Making the jump from GRCh37 to GRCh38

11/12/2021 | 0 min read

Jumping from GRCh37 to GRCh38 –one giant leap for clinical genetics, one small step with Congenica

The sequencing of the initial drafts of the human genome in 2001 revolutionized the field of genomics, and since then many drafts and updates have attempted to correct errors or fill in complex regions that were not addressable with first-generation sequencing tools[1].

The recent Telomere-to-Telomere (T2T)Consortium report, which published “the first truly complete 3.055 billion base pair sequence of a human genome,”[2] has again brought into focus the need for clinical labs to use the latest consensus sequences for their analyses.

While the switch to this latest consensus sequence is likely still a long way off due to the need to use both long-and short-read sequencing technologies, the fact that most clinical labs are still using the GRCh37 reference sequence, released in 2009, is clearly a concern –especially since many resources are now switching to the GRCh38 reference sequence, which was published in 2013.

Why switch?

There are a number of compelling reasons:

Academic research has moved firmly to use GRCh38, and some resources, such as Decipher, have already stopped working on GRCh37.
The UK’s 100,000 Genomes Project and the NHS Genomic Medicine Service (GMS) are working on GRCh38, and the consensus sequence is also recommended by the Broad Institute (makers of GATK).[3]
GRCh38 corrected many errors and alignment issues that were previously present, making it a higher quality, less noisy assembly which in turn makes it possible to detect variants that may be missed with the GRCh37 assembly.[4] As an example, when Steward et al. reviewed old epilepsy cases, three additional clinically relevant variants were identified in the revised SCN1A gene model.[5]

The general shift in usage to GRCh38 and the greater chance of detecting variants of interest are contributing to an increased desire for clinical genetics teams to make the jump to GRCh38. However, the workload for switching remains challenging.

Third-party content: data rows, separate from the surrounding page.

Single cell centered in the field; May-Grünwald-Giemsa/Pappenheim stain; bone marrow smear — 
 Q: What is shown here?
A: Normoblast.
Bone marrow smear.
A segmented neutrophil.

Making the switch and avoiding pitfalls: the devil is in the details

Laboratories that perform genetic testing typically maintain a historic repository of variants that they’ve analyzed and reported on, which informs their analysis of new cases. These data are often stored in isolated databases, spreadsheets and/or text files and must be converted from different assemblies and nomenclatures before it can be applied in the new environment.

Under the best of circumstances, the task of conversion can be daunting. Add to that the oftentimes manually compiled nature of the data and the opportunity for error is significant. Especially when those errors can be compounded by inadvertent “correction” by the software tools themselves -a report by Ziemannet al. in the journal “Genome Biology” showed that one-fifth of all papers submitted with supplemental gene lists in Excel files contain incorrect gene names! [6]

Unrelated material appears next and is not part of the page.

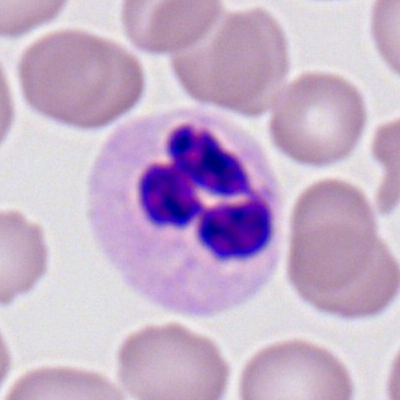 Morphology — segmented neutrophil.

It turns out that Excel has a habit of converting gene names to date format which can cause headaches when moving knowledgebases into new platforms. Some common unwanted conversions include:

SEPT2 [Septin 2] being converted to 2-Sep
MARCH1 [Membrane-Associated Ring Finger C2HC4) 1 E3 Ubiquitin Protein Ligase] being converted to 1-Mar

These errors often make it even more difficult to move knowledge bases between consensus sequences.

37 - 38 graphic (2)

Congenica is here to help

If you are already using the Congenica platform and are using GRCh37 then the transition to GRCh38 can be made overnight. All gene annotations provided by the platform will be automatically migrated over –so you don’t need to worry about losing data. The platform supports both consensus sequences and provides an identical experience making the transition painless.

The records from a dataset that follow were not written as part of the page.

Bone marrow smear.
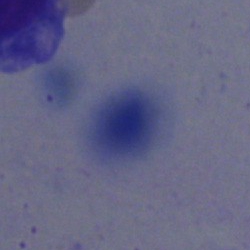Single cell identified as an artefact.
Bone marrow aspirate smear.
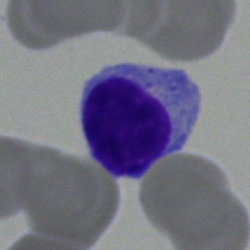

This is a typical lymphocyte.

If you are new to using Congenica, the clinical decision support platform chosen by many of the world’s leading clinical laboratories and the NHS Genomic Medicine Service, then the process is still straightforward. You’ll instantly gain access to all provided annotations mapped to the GRCh38 reference sequence.

In both cases, collating and combining your laboratory’s external knowledgebases of previously interpreted variants for re-use within the platform is often the biggest challenge -for example, the data repository of one of our customers using GRCh37 consisted of 130 spreadsheets and thousands of word documents.

Once collated, their data was run through a series of customized scripts to check the integrity and identify formatting errors and misassignment of gene names so the data could be corrected before being converted to GRCh38 coordinates, uploaded, and made available for use.

Ensuring that legacy knowledgebase data is valid and available for use is critical for established laboratories –no matter the nomenclature that was used when the data was first collected. Even old data stored in gene-based rather than genome-based coordinate systems can be migrated and mapped as part of a customized transition process.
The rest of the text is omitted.